▶ **DATA SECTION**
-*-
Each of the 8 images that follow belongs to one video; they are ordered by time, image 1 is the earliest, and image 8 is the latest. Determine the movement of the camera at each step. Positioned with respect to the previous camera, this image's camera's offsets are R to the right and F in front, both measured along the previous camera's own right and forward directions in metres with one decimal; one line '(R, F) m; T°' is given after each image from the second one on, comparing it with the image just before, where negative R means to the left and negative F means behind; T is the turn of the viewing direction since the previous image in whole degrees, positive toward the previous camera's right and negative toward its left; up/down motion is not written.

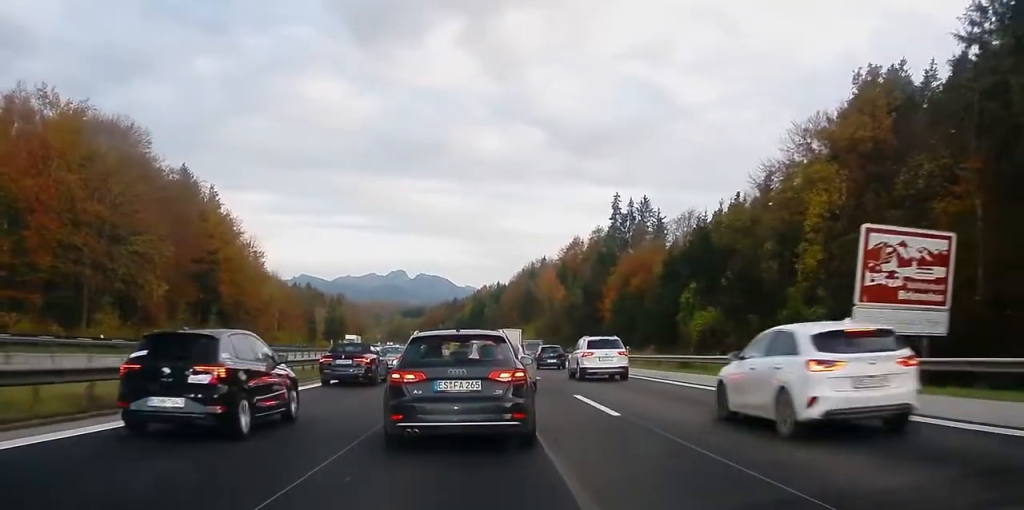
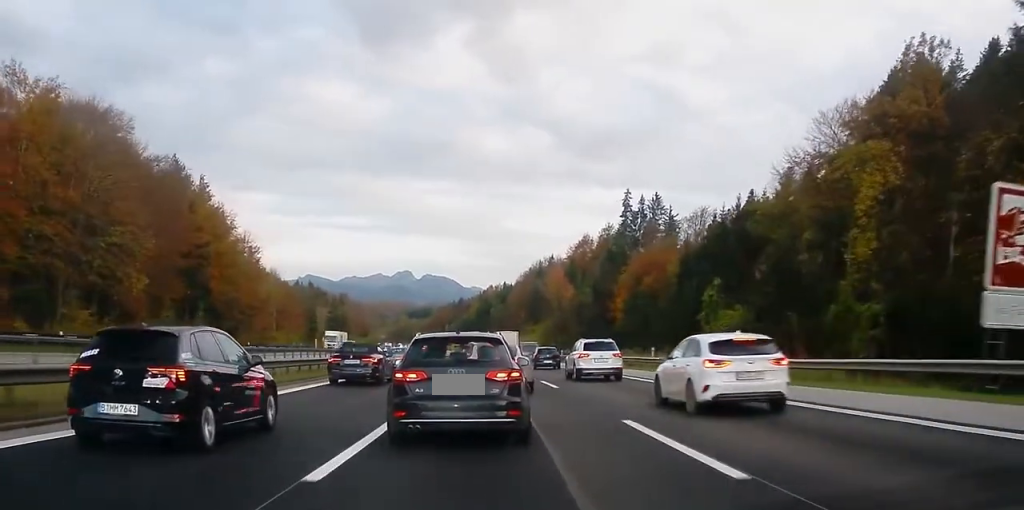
(0.0, +6.6) m; 0°
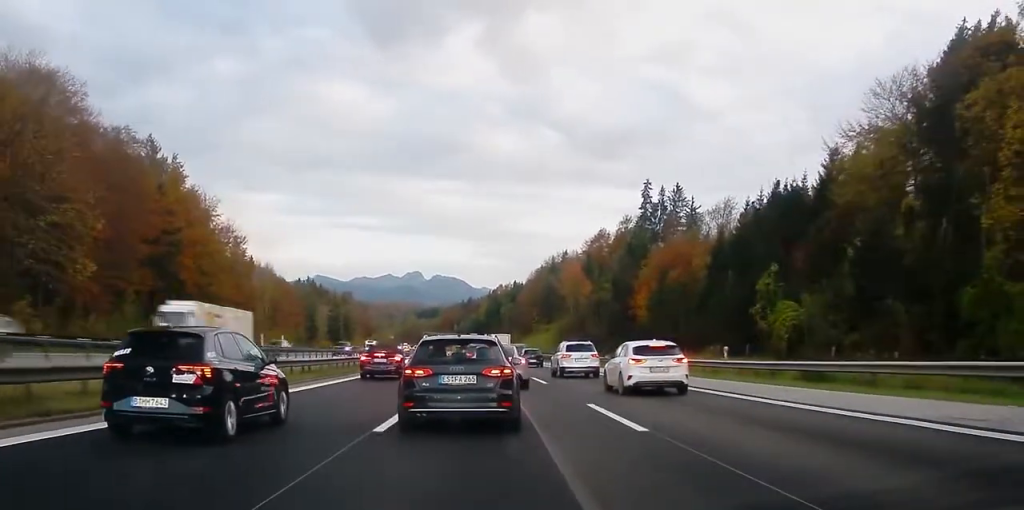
(0.0, +13.8) m; 0°
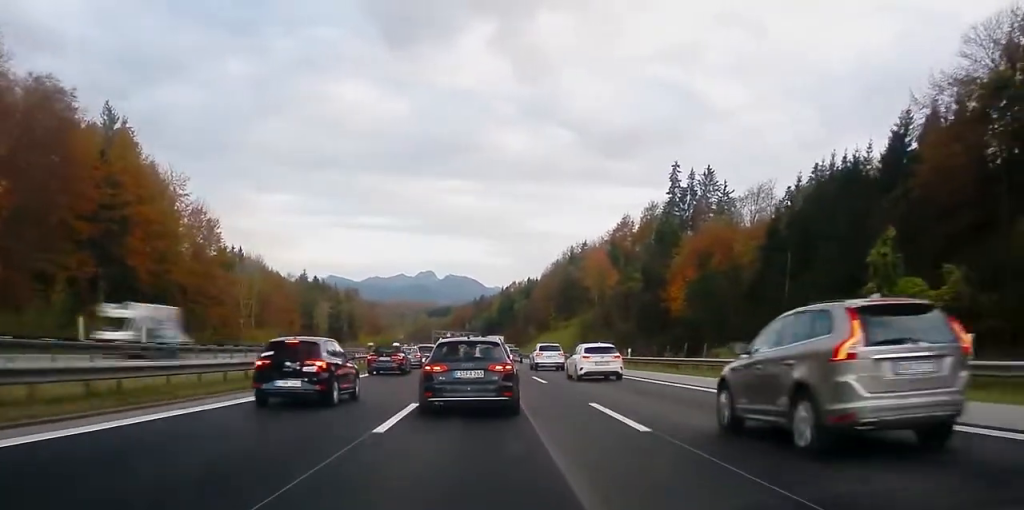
(0.0, +20.2) m; -1°
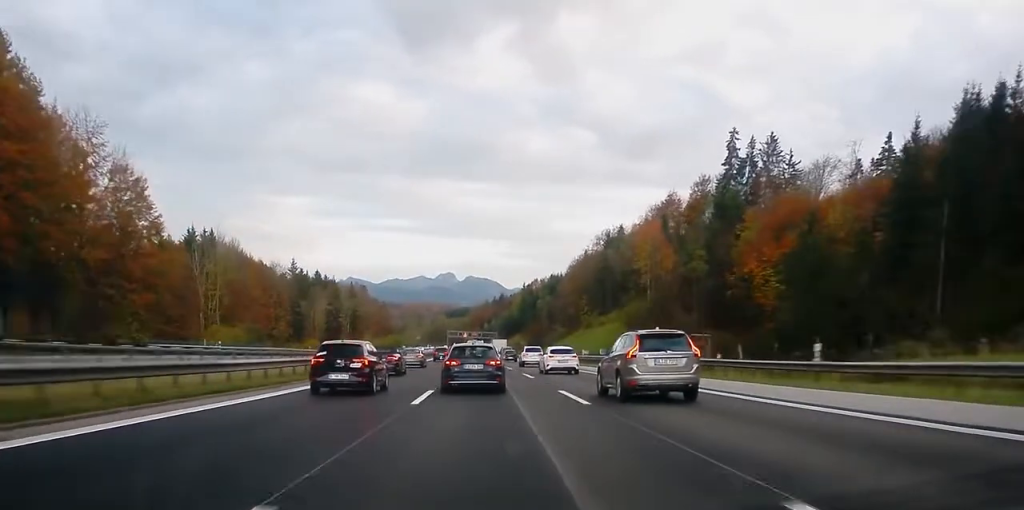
(-0.7, +36.4) m; -2°
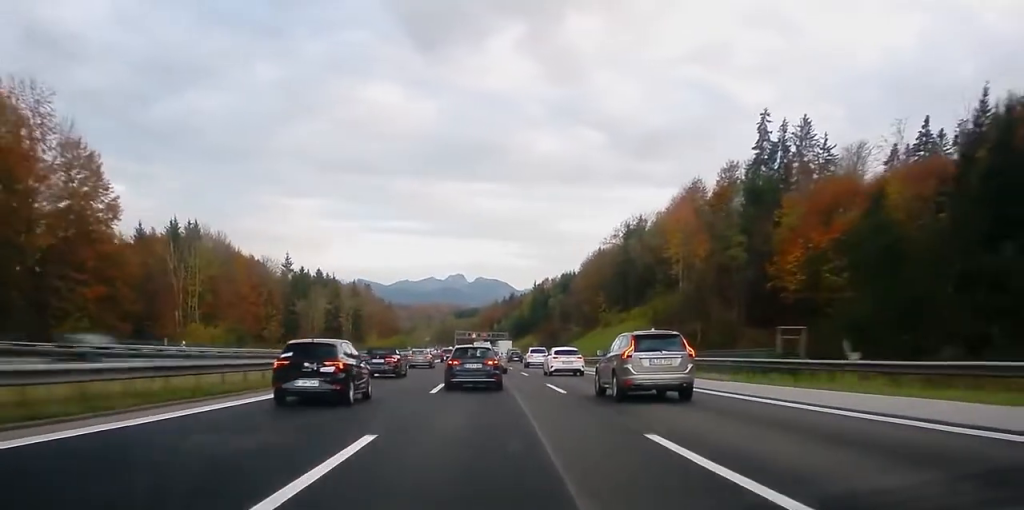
(+0.1, +12.0) m; 0°
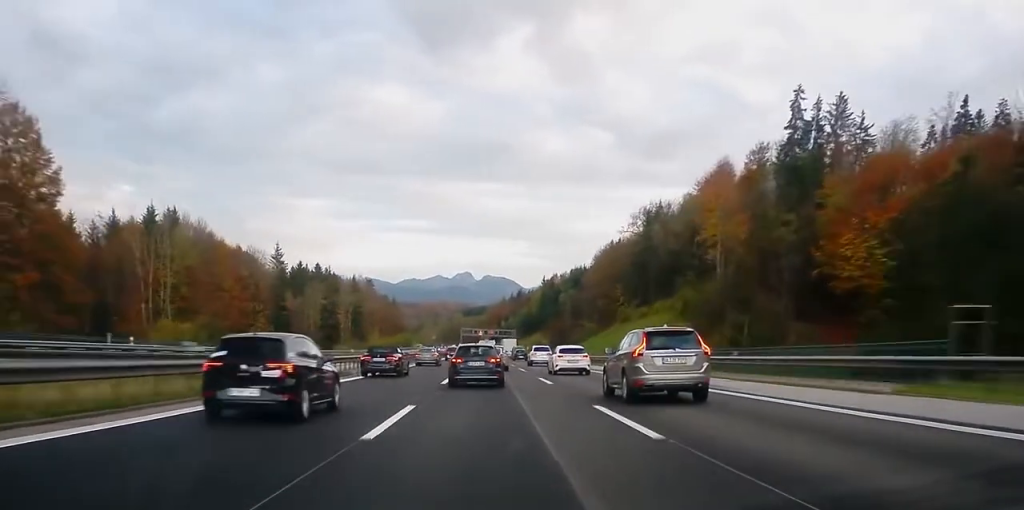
(-0.1, +12.0) m; 0°
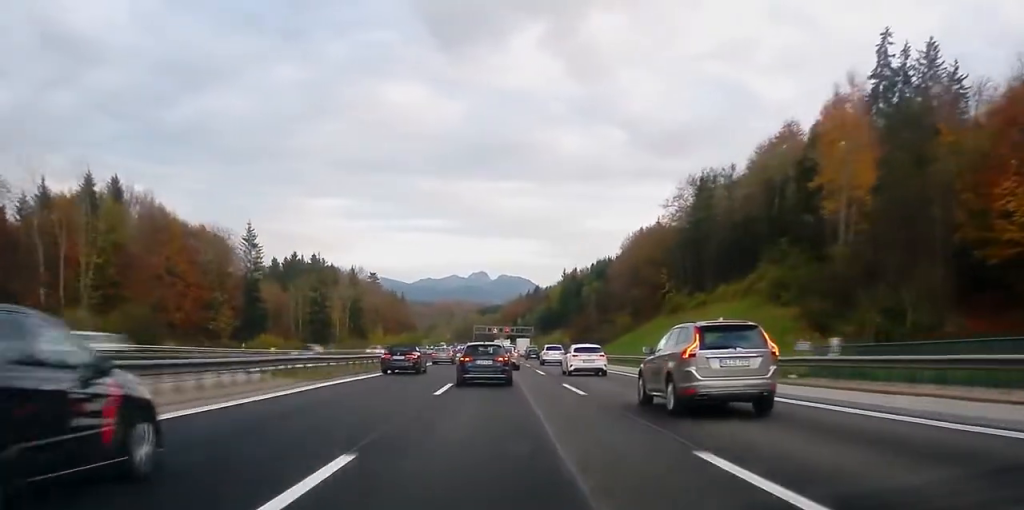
(-0.4, +23.5) m; -1°
-*-
Give back the material above exactly as it appears, minus the pictures.

Each of the 8 images that follow belongs to one video; they are ordered by time, image 1 is the earliest, and image 8 is the latest. Determine the movement of the camera at each step. Positioned with respect to the previous camera, this image's camera's offsets are R to the right and F in front, both measured along the previous camera's own right and forward directions in metres with one decimal; one line '(R, F) m; T°' is given after each image from the second one on, comparing it with the image just before, where negative R means to the left and negative F means behind; T is the turn of the viewing direction since the previous image in whole degrees, positive toward the previous camera's right and negative toward its left; up/down motion is not written.

(0.0, +6.6) m; 0°
(0.0, +13.8) m; 0°
(0.0, +20.2) m; -1°
(-0.7, +36.4) m; -2°
(+0.1, +12.0) m; 0°
(-0.1, +12.0) m; 0°
(-0.4, +23.5) m; -1°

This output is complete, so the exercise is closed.